Pony Ma Huateng (, born on October 29, 1971)  is a Chinese billionaire business magnate. He is the founder and chief executive officer of Tencent, one of the  most valuable companies in Asia, one of the largest internet and technology companies, and one of the biggest investment, gaming and entertainment conglomerates in the world. The company develops China's biggest mobile instant messaging service, WeChat, and its subsidiaries provide media, entertainment, payment systems, smartphones, internet-related services, value-added services and online advertising services, both in China and globally.

In 2007, 2014, and 2018, Time magazine named him one of the world's most influential people, while in 2015, Forbes credited him as one of the world's most powerful people. In 2017, Fortune ranked him as among the top businessmen of the year. In 2018, he was named one of the "Most Powerful People In The World" by the CEOWORLD magazine.

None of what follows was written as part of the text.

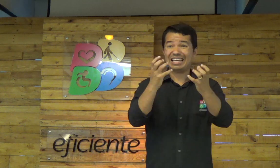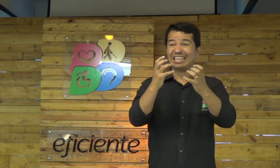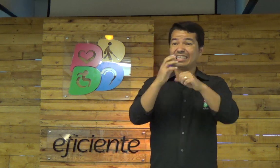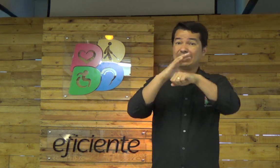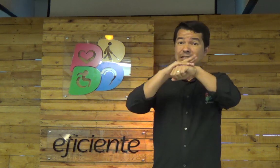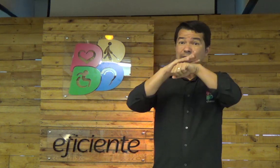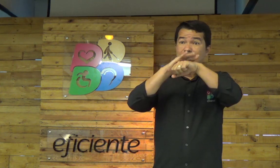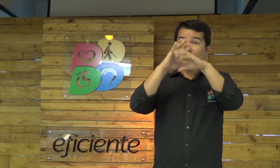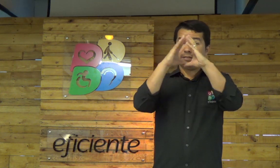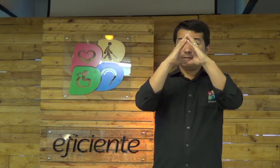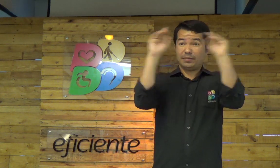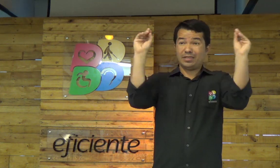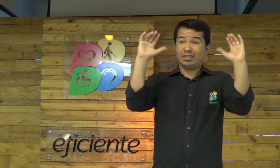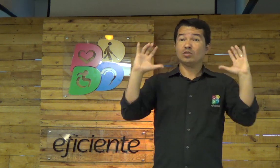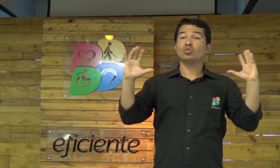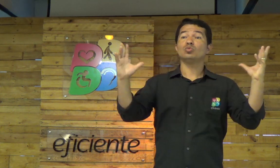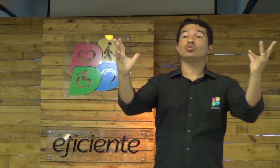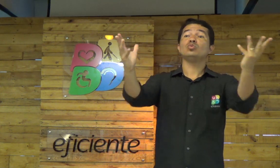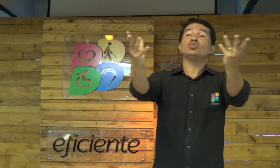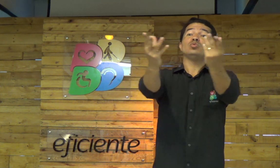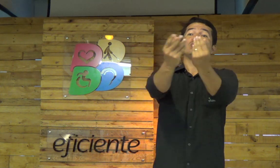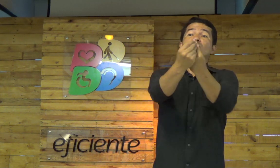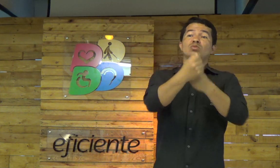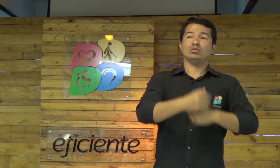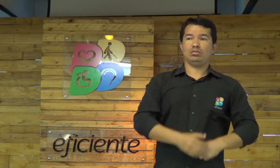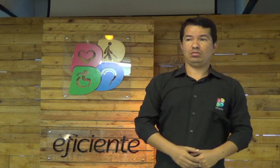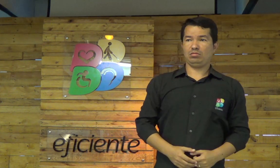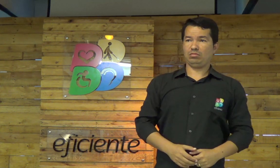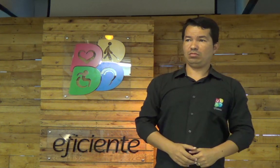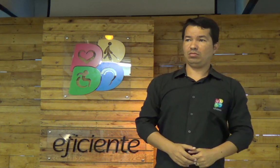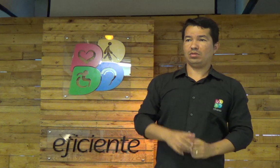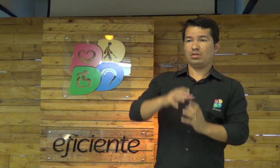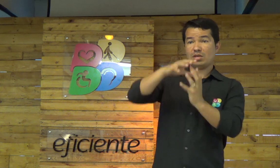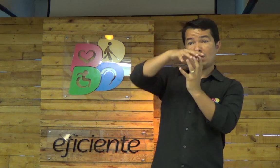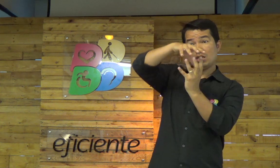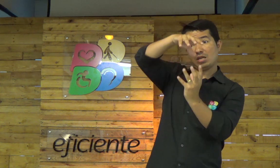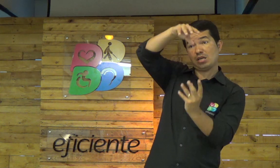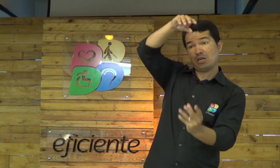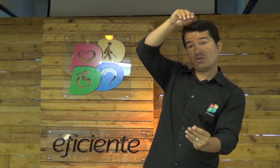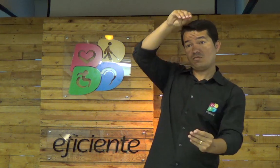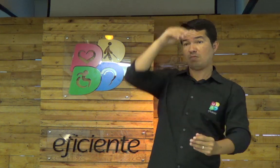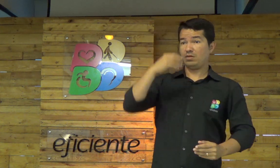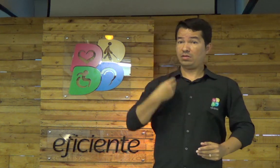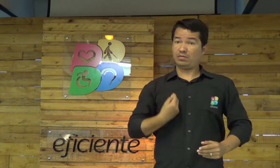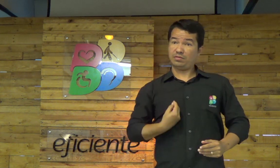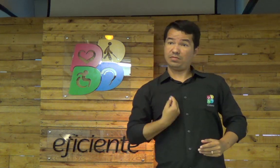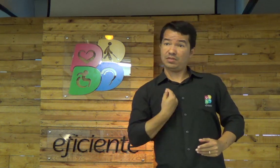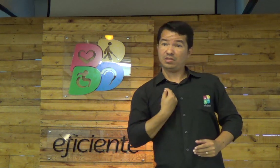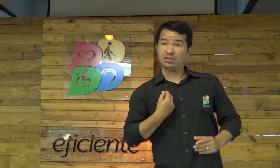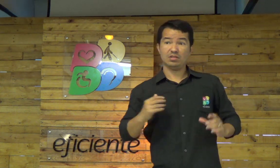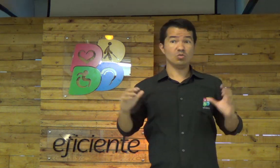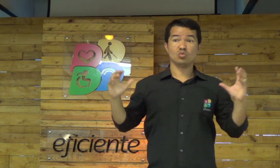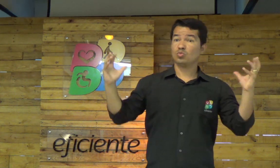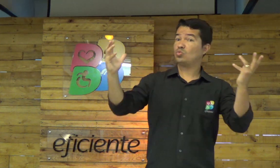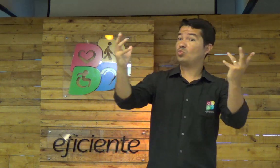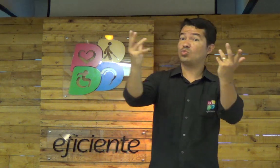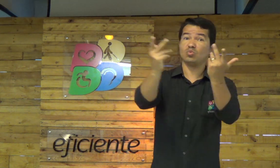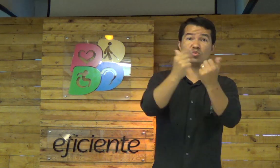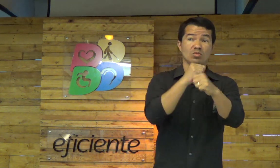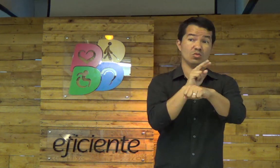Jesus, Ele quer dar cura para todas essas coisas. Para a sua alma, para a sua
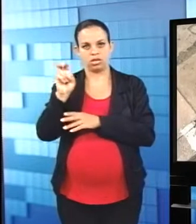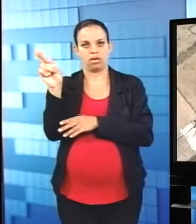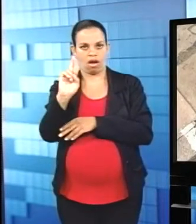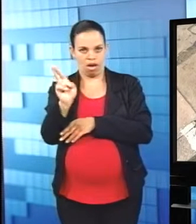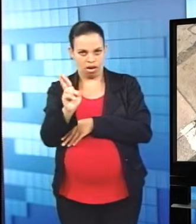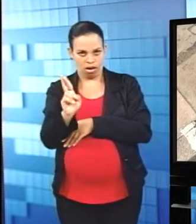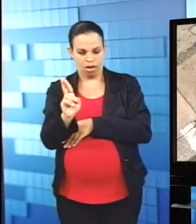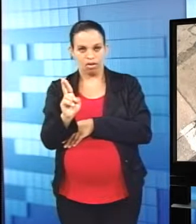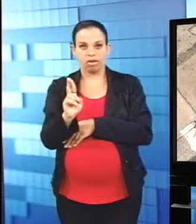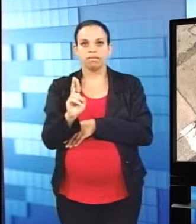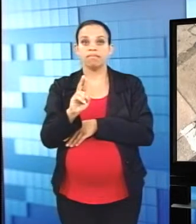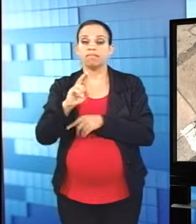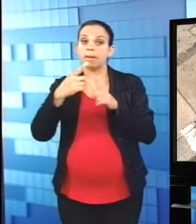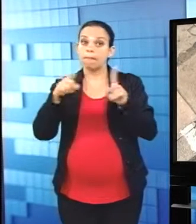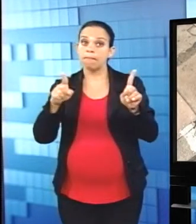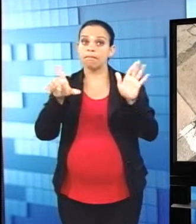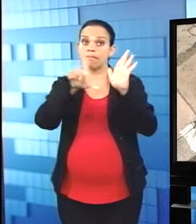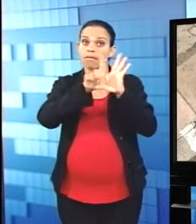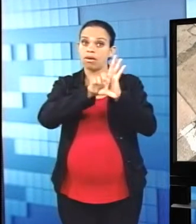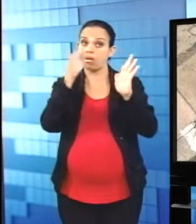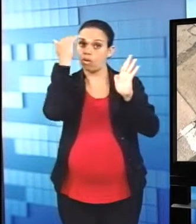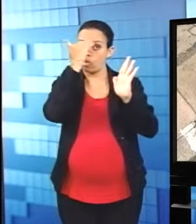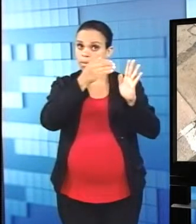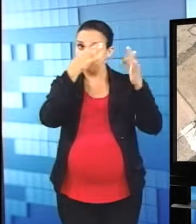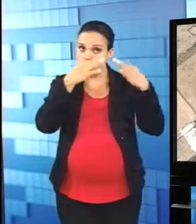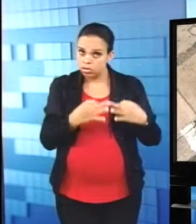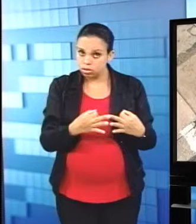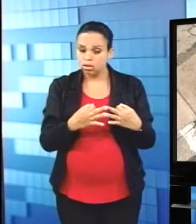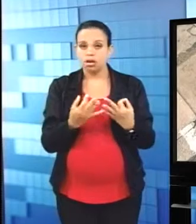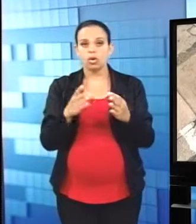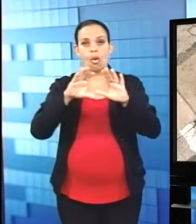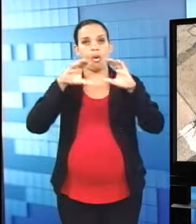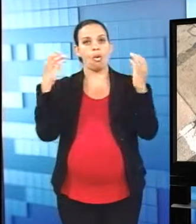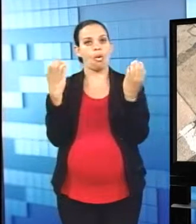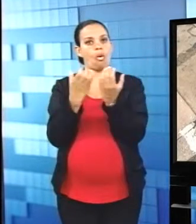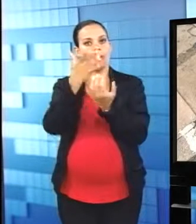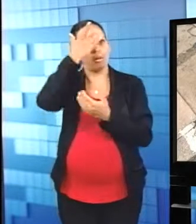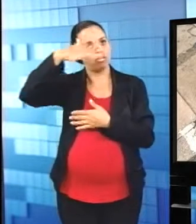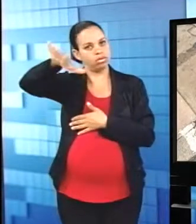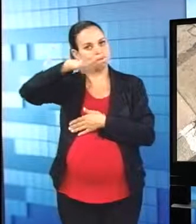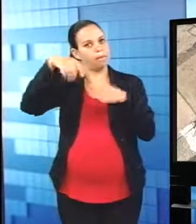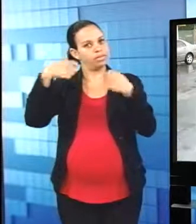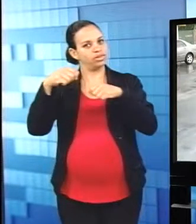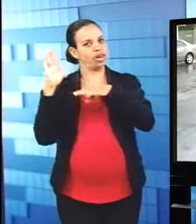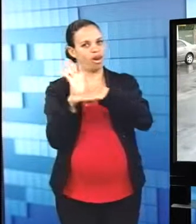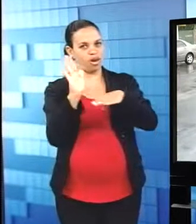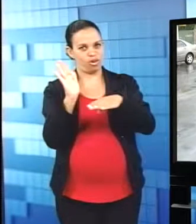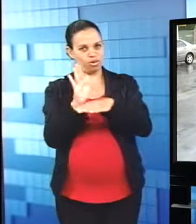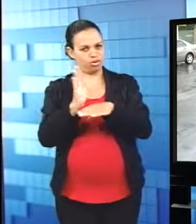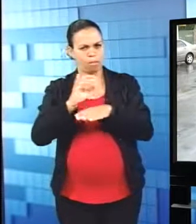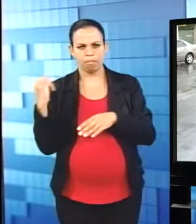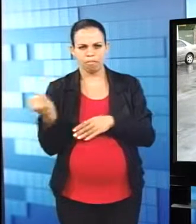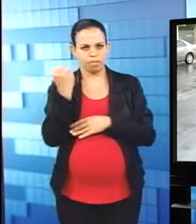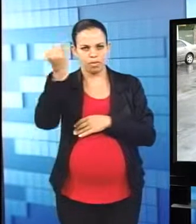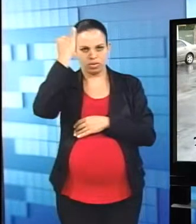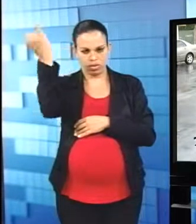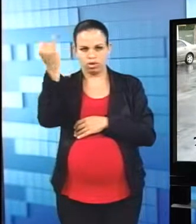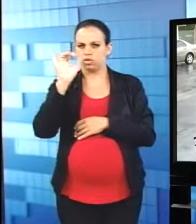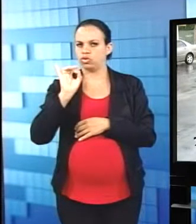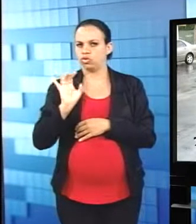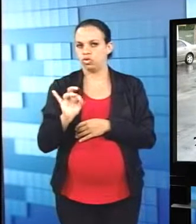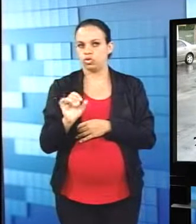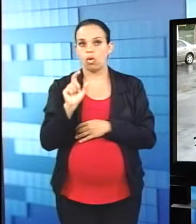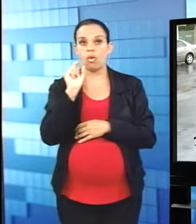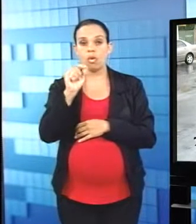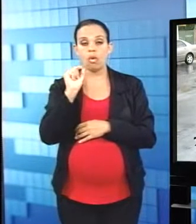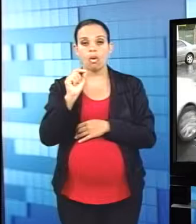com doenças, com mosquitos e uma série de outras questões que a prefeitura não deseja. Segundo o secretário de Serviços Públicos,

Ma was a deputy to the Shenzhen Municipal People's Congress and a delegate in the 12th National People's Congress.

Being one of "Fortune world's greatest leaders", Ma is known for his low profile personality as compared to fellow Chinese businessman and Alibaba founder Jack Ma's outgoing personality. Ma has been compared to American investor Warren Buffett for their similar investment approaches, and often described as an "aggressive acquisitor".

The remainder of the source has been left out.